• Prompt:
Repeat only the lines between the one with "List a bounding" and the end of the material below, both ends included. Omit any picture.
• • • • • • •
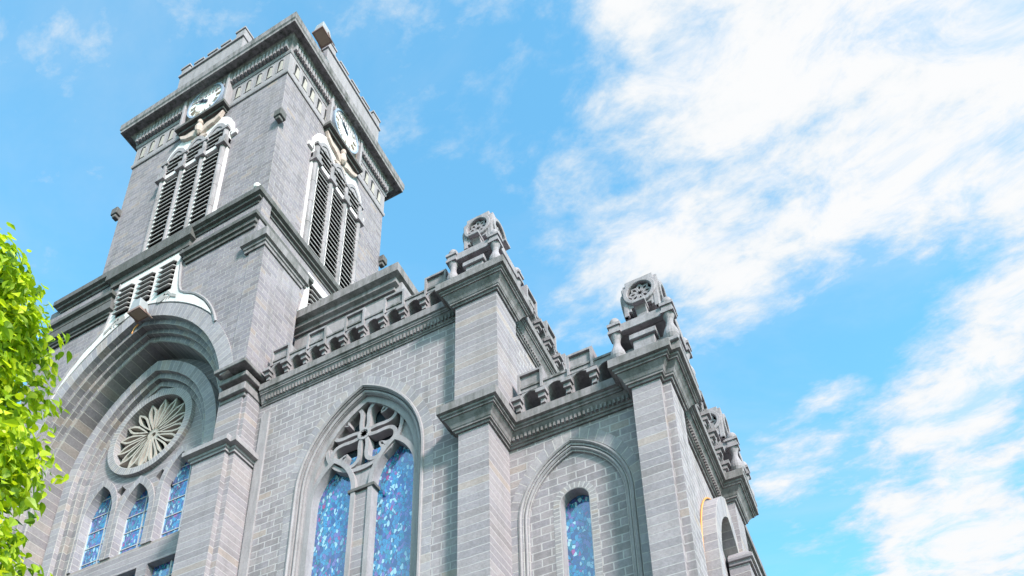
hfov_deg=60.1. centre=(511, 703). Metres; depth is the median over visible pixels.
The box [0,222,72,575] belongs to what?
tree
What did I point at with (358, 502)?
stained glass window
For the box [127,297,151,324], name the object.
floodlight
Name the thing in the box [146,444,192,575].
lancet window
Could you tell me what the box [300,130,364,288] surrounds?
louvre window
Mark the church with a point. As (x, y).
(288, 379)
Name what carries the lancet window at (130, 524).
in the church
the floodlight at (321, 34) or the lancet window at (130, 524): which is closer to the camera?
the lancet window at (130, 524)
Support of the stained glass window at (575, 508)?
in the church
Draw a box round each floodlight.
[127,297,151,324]
[312,21,334,52]
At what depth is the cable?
20.00 m
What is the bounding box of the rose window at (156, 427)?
[107,388,194,485]
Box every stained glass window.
[276,376,433,575]
[553,481,602,575]
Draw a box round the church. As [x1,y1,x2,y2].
[0,11,766,575]
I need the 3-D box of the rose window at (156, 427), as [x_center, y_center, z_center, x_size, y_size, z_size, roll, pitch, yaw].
[-11.535,-8.312,28.395,3.600,4.130,0.460,-14,-30,23]
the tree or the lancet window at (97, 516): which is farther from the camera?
the lancet window at (97, 516)
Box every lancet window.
[66,479,121,574]
[104,475,154,575]
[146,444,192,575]
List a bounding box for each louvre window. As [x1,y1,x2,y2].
[141,110,237,251]
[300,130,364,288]
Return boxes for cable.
[700,497,710,550]
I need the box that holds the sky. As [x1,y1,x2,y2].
[0,0,1023,575]
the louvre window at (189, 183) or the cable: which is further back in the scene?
the louvre window at (189, 183)
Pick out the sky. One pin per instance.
(826, 197)

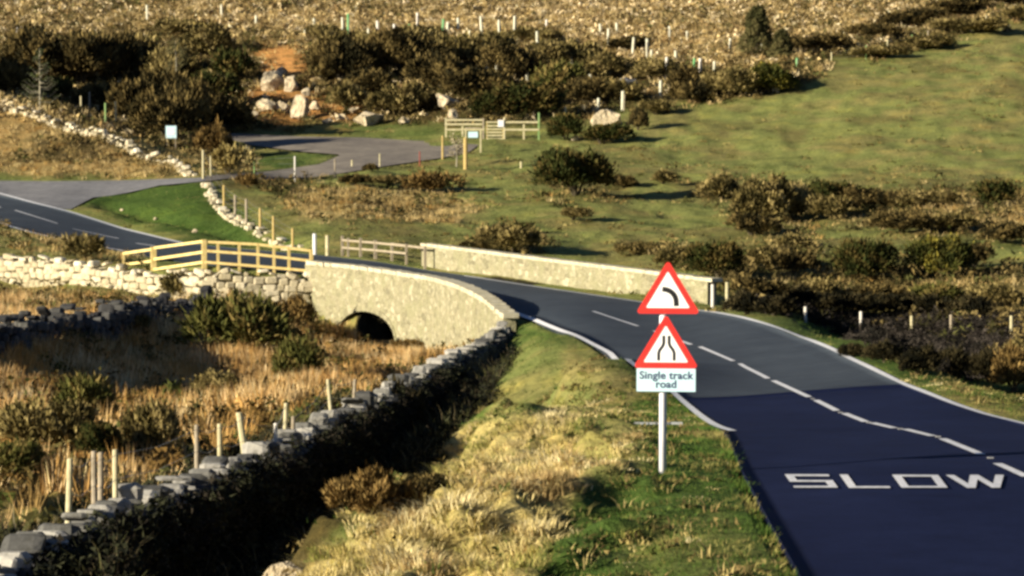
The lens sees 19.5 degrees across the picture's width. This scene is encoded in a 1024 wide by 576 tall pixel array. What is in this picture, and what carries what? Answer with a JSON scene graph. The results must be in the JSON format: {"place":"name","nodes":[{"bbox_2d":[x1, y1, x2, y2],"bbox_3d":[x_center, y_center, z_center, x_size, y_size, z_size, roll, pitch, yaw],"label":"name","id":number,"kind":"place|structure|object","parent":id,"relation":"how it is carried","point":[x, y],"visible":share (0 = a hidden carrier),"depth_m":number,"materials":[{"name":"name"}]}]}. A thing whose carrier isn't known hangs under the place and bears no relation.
• • • • • • •
• Your solution:
List a bounding box for each louvre window. As [x1,y1,x2,y2].
[141,110,237,251]
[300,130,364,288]
Return boxes for cable.
[700,497,710,550]
I need the box that holds the sky. As [x1,y1,x2,y2].
[0,0,1023,575]
the louvre window at (189, 183) or the cable: which is further back in the scene?
the louvre window at (189, 183)
Pick out the sky. One pin per instance.
(826, 197)

The lens sees 19.5 degrees across the picture's width. This scene is encoded in a 1024 wide by 576 tall pixel array. What is in this picture, and what carries what? Answer with a JSON scene graph. The results must be in the JSON format: {"place":"name","nodes":[{"bbox_2d":[x1, y1, x2, y2],"bbox_3d":[x_center, y_center, z_center, x_size, y_size, z_size, roll, pitch, yaw],"label":"name","id":number,"kind":"place|structure|object","parent":id,"relation":"how it is carried","point":[x, y],"visible":share (0 = a hidden carrier),"depth_m":number,"materials":[{"name":"name"}]}]}. A thing whose carrier isn't known hangs under the place and bears no relation.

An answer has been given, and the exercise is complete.